# Principal component analysis (PCA)

* ## Implementing PCA using Numpy library

In [37]:
# Importing NumPy library with an alias 'np'
import numpy as np

# Setting a random seed for reproducibility
np.random.seed(4)

# Setting parameters for generating synthetic data
m = 60
w1, w2 = 0.1, 0.3
noise = 0.1

# Generating random angles and creating a 3D dataset
angles = np.random.rand(m) * 3 * np.pi / 2 - 0.5
X = np.empty((m, 3))
X[:, 0] = np.cos(angles) + np.sin(angles)/2 + noise * np.random.randn(m) / 2
X[:, 1] = np.sin(angles) * 0.7 + noise * np.random.randn(m) / 2
X[:, 2] = X[:, 0] * w1 + X[:, 1] * w2 + noise * np.random.randn(m)

# Centering the data by subtracting the mean along each feature
X_centered = X - X.mean(axis=0)

# Performing Singular Value Decomposition (SVD) on the centered data
U, s, Vt = np.linalg.svd(X_centered)

# Extracting the principal components
c1 = Vt.T[:, 0]
c2 = Vt.T[:, 1]

# Getting the shape of the original data
m, n = X.shape

# Creating a diagonal matrix S from the singular values
S = np.zeros(X_centered.shape)
S[:n, :n] = np.diag(s)

# Checking if the original data can be reconstructed using SVD
np.allclose(X_centered, U.dot(S).dot(Vt))

# Extracting the first two principal components
W2 = Vt.T[:, :2]

# Projecting the centered data onto the first two principal components
X2D = X_centered.dot(W2)

# Storing the result in X2D_using_svd
X2D_using_svd = X2D

# Displaying the resulting 2D projection
X2D_using_svd

array([[-1.26203346, -0.42067648],
       [ 0.08001485,  0.35272239],
       [-1.17545763, -0.36085729],
       [-0.89305601,  0.30862856],
       [-0.73016287,  0.25404049],
       [ 1.10436914, -0.20204953],
       [-1.27265808, -0.46781247],
       [ 0.44933007, -0.67736663],
       [ 1.09356195,  0.04467792],
       [ 0.66177325,  0.28651264],
       [-1.04466138,  0.11244353],
       [ 1.05932502, -0.31189109],
       [-1.13761426, -0.14576655],
       [-1.16044117, -0.36481599],
       [ 1.00167625, -0.39422008],
       [-0.2750406 ,  0.34391089],
       [ 0.45624787, -0.69707573],
       [ 0.79706574,  0.26870969],
       [ 0.66924929, -0.65520024],
       [-1.30679728, -0.37671343],
       [ 0.6626586 ,  0.32706423],
       [-1.25387588, -0.56043928],
       [-1.04046987,  0.08727672],
       [-1.26047729, -0.1571074 ],
       [ 1.09786649, -0.38643428],
       [ 0.7130973 , -0.64941523],
       [-0.17786909,  0.43609071],
       [ 1.02975735, -0.33747452],
       [-0.94552283,

* ## Implementing PCA using Scikit-Learn library
Scikit-Learn’s PCA class uses SVD decomposition to implement PCA, just like we did earlier.

In [38]:
from sklearn.decomposition import PCA

pca = PCA(n_components=2)
X2D = pca.fit_transform(X)
print('Implementing PCA using SVD method: \n',X2D[:5])
print('Implementing PCA using Scikit-learn PCA class: \n',X2D_using_svd[:5])
print('In general the only difference is that some axes may be flipped.')

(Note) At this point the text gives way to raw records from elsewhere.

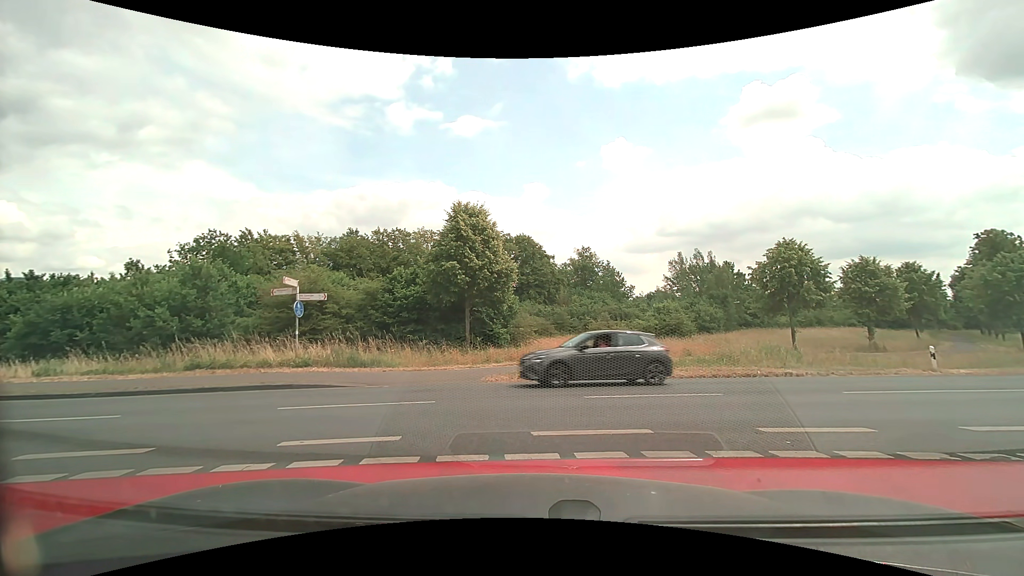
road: tertiary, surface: asphalt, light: Day
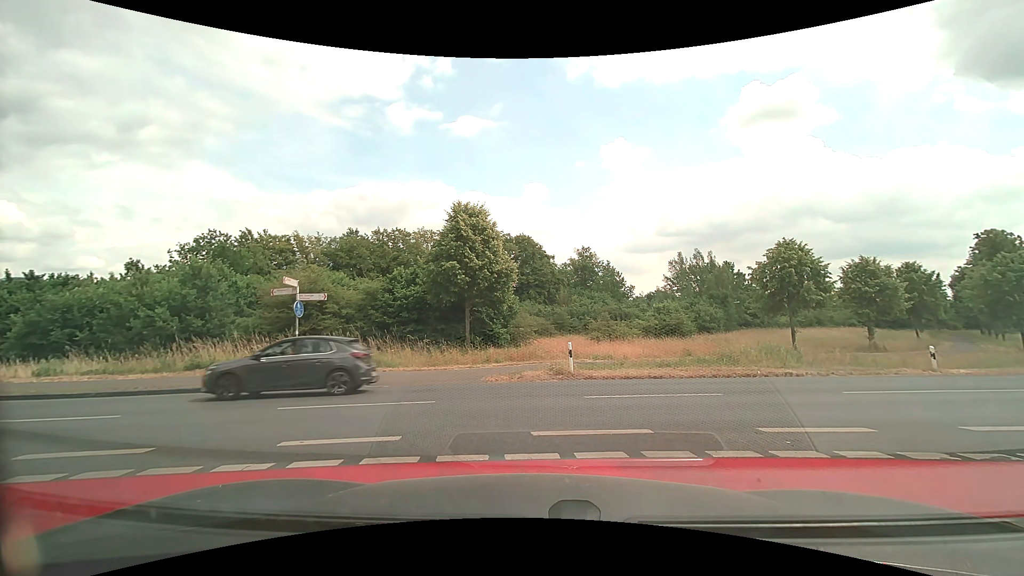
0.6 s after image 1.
(0.0, 0.0) m; 0°
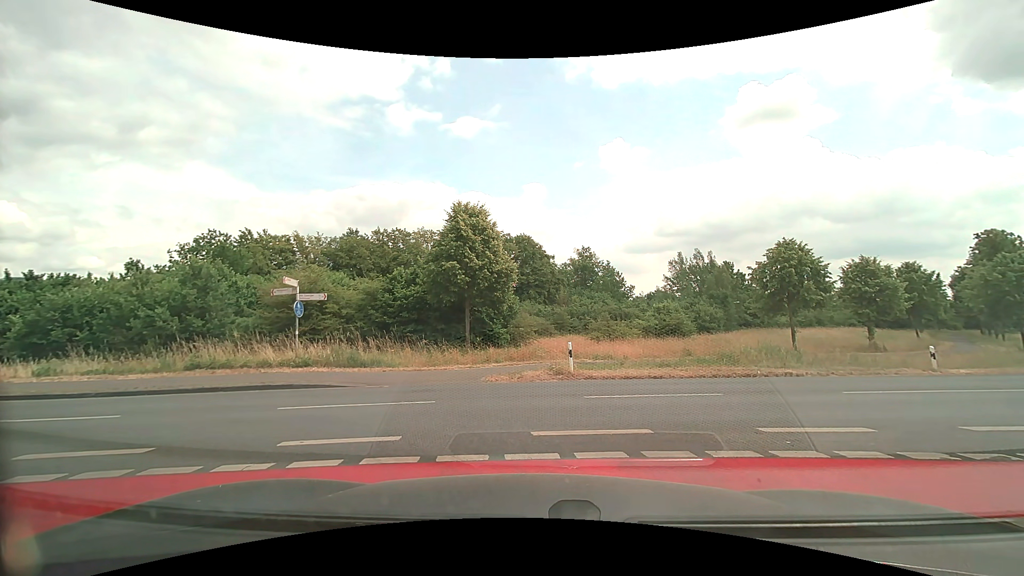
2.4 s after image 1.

Implementing PCA using SVD method: 
 [[ 1.26203346  0.42067648]
 [-0.08001485 -0.35272239]
 [ 1.17545763  0.36085729]
 [ 0.89305601 -0.30862856]
 [ 0.73016287 -0.25404049]]
Implementing PCA using Scikit-learn PCA class: 
 [[-1.26203346 -0.42067648]
 [ 0.08001485  0.35272239]
 [-1.17545763 -0.36085729]
 [-0.89305601  0.30862856]
 [-0.73016287  0.25404049]]
In general the only difference is that some axes may be flipped.


* ### Explained Variance Ratio
    The ratio indicates the percentage of the dataset's variance present along each principal component.

In [39]:
print(pca.explained_variance_ratio_)
print('We can see that the majority proportion of the variance is in the first PC axis.')

[0.84248607 0.14631839]
We can see that the majority proportion of the variance is in the first PC axis.


* ### Choosing the Right Number of Dimensions
    computing the minimum number of dimensions required to preserve 95% of the training set’s variance

In [40]:
# Importing PCA from scikit-learn
from sklearn.decomposition import PCA
pca = PCA() # Initializing a PCA object without specifying the number of components
pca.fit(X) # Fitting the PCA model to the data
cumsum = np.cumsum(pca.explained_variance_ratio_) # Calculating the cumulative explained variance
# Finding the number of principal components that explain at least 95% of the variance
d = np.argmax(cumsum >= 0.95) + 1
print('The number of principal components that explain at least 95% of the variance is',d)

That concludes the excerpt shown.